Supplied material: Begin
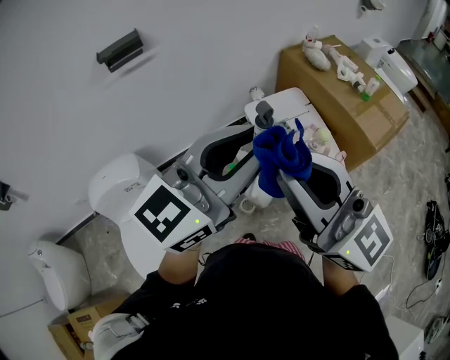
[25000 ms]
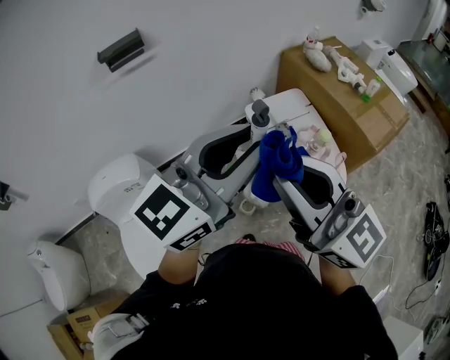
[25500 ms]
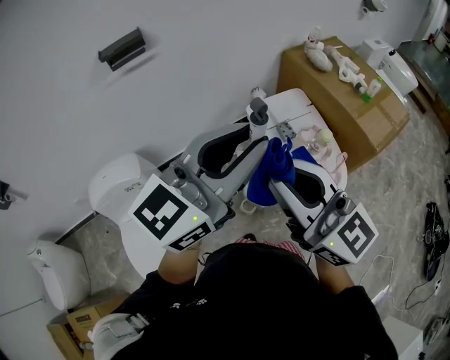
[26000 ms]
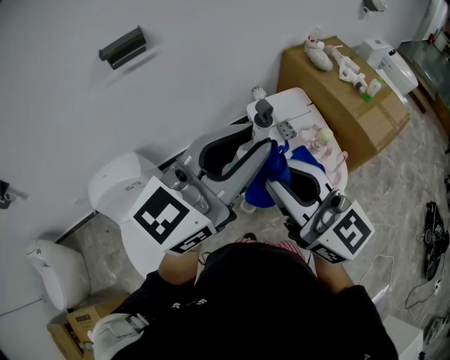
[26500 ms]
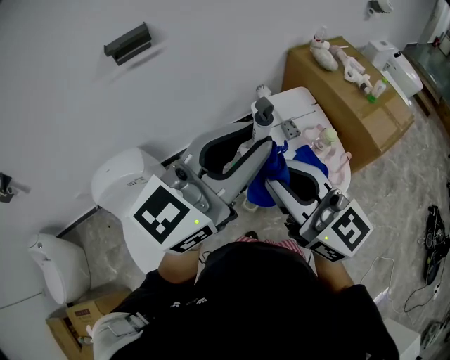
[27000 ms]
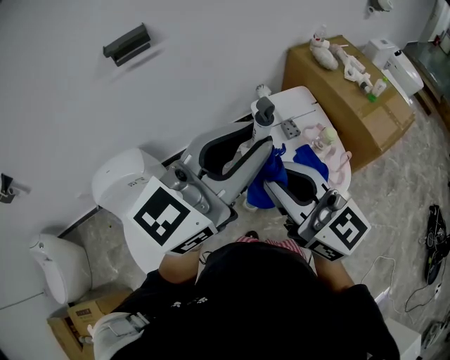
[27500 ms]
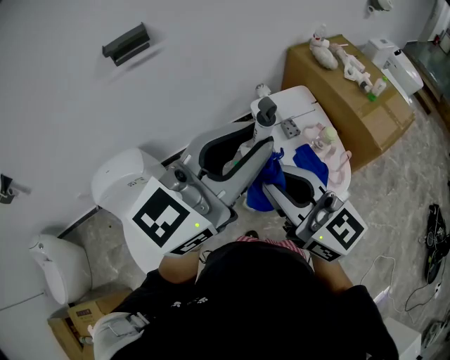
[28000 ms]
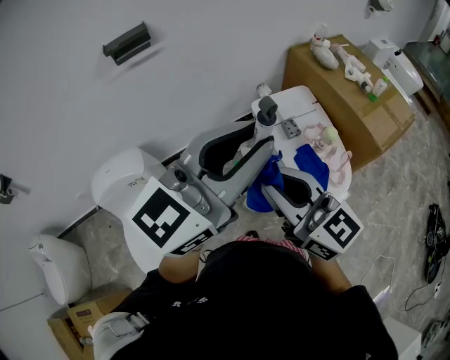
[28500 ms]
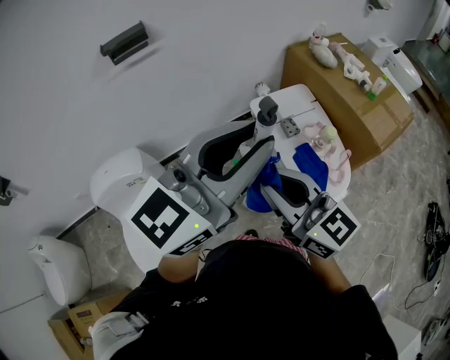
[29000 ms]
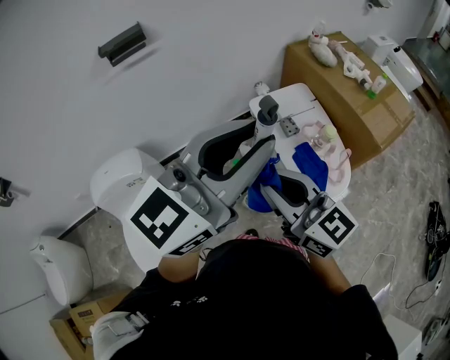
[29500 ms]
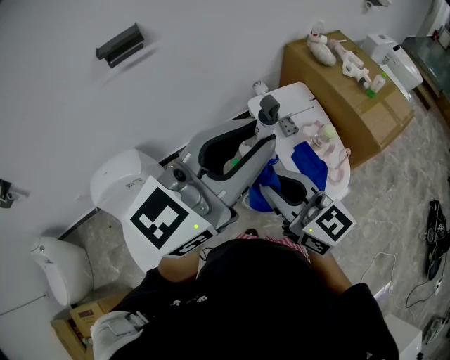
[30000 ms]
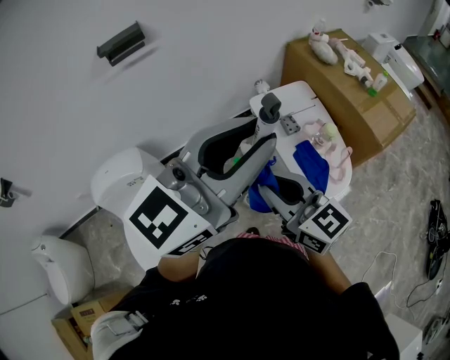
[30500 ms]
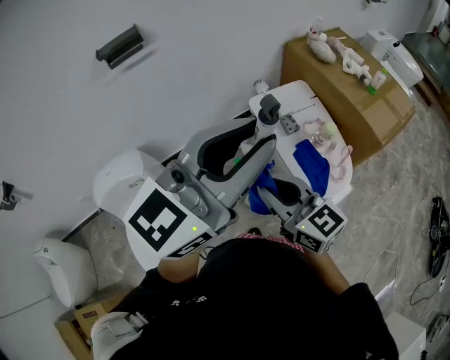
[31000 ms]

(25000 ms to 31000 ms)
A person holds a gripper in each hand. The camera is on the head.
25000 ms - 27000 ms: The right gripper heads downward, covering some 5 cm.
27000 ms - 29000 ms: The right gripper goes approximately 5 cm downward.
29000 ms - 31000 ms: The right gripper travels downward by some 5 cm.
Supplied material: End
Assignment | Copy out all the data exactly; skip the pictures.

Answer section |
[25000 ms]
[25500 ms]
[26000 ms]
[26500 ms]
[27000 ms]
[27500 ms]
[28000 ms]
[28500 ms]
[29000 ms]
[29500 ms]
[30000 ms]
[30500 ms]
[31000 ms]

(25000 ms to 31000 ms)
A person holds a gripper in each hand. The camera is on the head.
25000 ms - 27000 ms: The right gripper heads downward, covering some 5 cm.
27000 ms - 29000 ms: The right gripper goes approximately 5 cm downward.
29000 ms - 31000 ms: The right gripper travels downward by some 5 cm.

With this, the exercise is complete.